I have a fear of swimming in water in which I can't touch the bottom. As a toddler, I fell in the neighbour's (rather deep) ornamental goldfish pond and one of my earliest memories as a child was standing on the bottom of that pond looking upwards through the water to the light. The fear doesn't stop me getting into the water - I can still swim and have fun and muck around at the beach - but it stops me from putting myself at risk, especially at New Zealand's changeable surf beaches.
Flyboy refused to go on a ride at our local amusement park last year - Cowgirl and I were kind of amused because it's just one of those rise and drop tower rides. "But (Flyboy)" we asked, "how can you be in the Air Force and be scared of heights?". Flyboy replied that it wasn't heights that he was afraid of, it was falling - because if a machine that they are in starts falling out of the sky, someone's cocked up rather dramatically. Fair point, Flyboy, fair point.
What I really want to address today are irrational fears... those fears that really have no history or sense behind them and stop you from doing things that may bring you exceptional joy. The fear of no one speaking to you at a party stops you from attending alone and making friends with an exceptional bunch of new people. I mean, really, how likely is it that the people at this party you're thinking of attending are rude enough to completely neglect someone clearly as fantastic as you are?
I know that I struggle with irrational fears on a daily basis. Breaking them down, I can see how ridiculous they are.
♥ That no matter what I do, I'll always be fat. So what, I defy the laws of human biology now? The energy equation is simple - if energy out is more than energy in, weight will be lost. I just need to get off my plateau and up the ante.
♥ That having had two big loves so far in my life, I've used up my chances. Okay, can anyone drive a truck through the holes in my theory? I have an aunty who has been married three times, friends who are serial monogamists - the world is full of people who have been in love multiple times.

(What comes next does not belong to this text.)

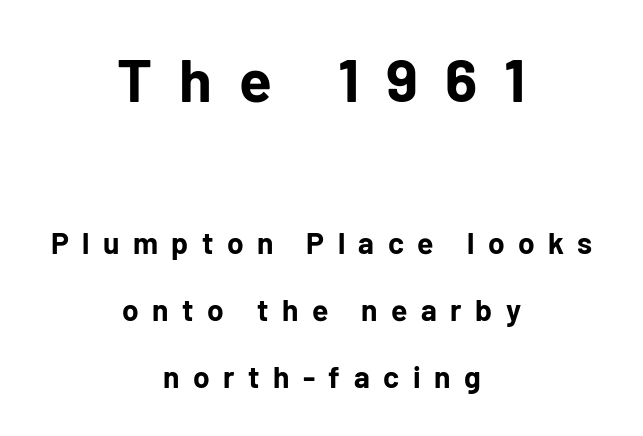
The image shows 60 px bold sans-serif type, upright; set centered, loose line spacing (2.23x), unusually wide letter spacing (+0.45 em), not underlined; the first (top) block is 2.0x larger; low stroke contrast and a medium x-height.

There is zero proof that I won't find love again.
♥ That although teaching is my passion, that I will suck at it - not pass this year or gain my registration. I've done holiday programme with adolescents, I know how to cope with unruly kids and it's not like they expect perfection - this is one case where points are truly rewarded for effort.
The thing that all these irrational fears have in common is that if I choose to believe them, they restrict me. They stop me from fulfilling all the potential I have inside of me - to be a healthy body weight, to live out my dreams of being a contented wife and mother, to be that crazy fun teacher I know I can be. I just need to keep reality checking myself and optimistically looking forward to the future.
What irrational fears do you have? How do you keep yourself in line?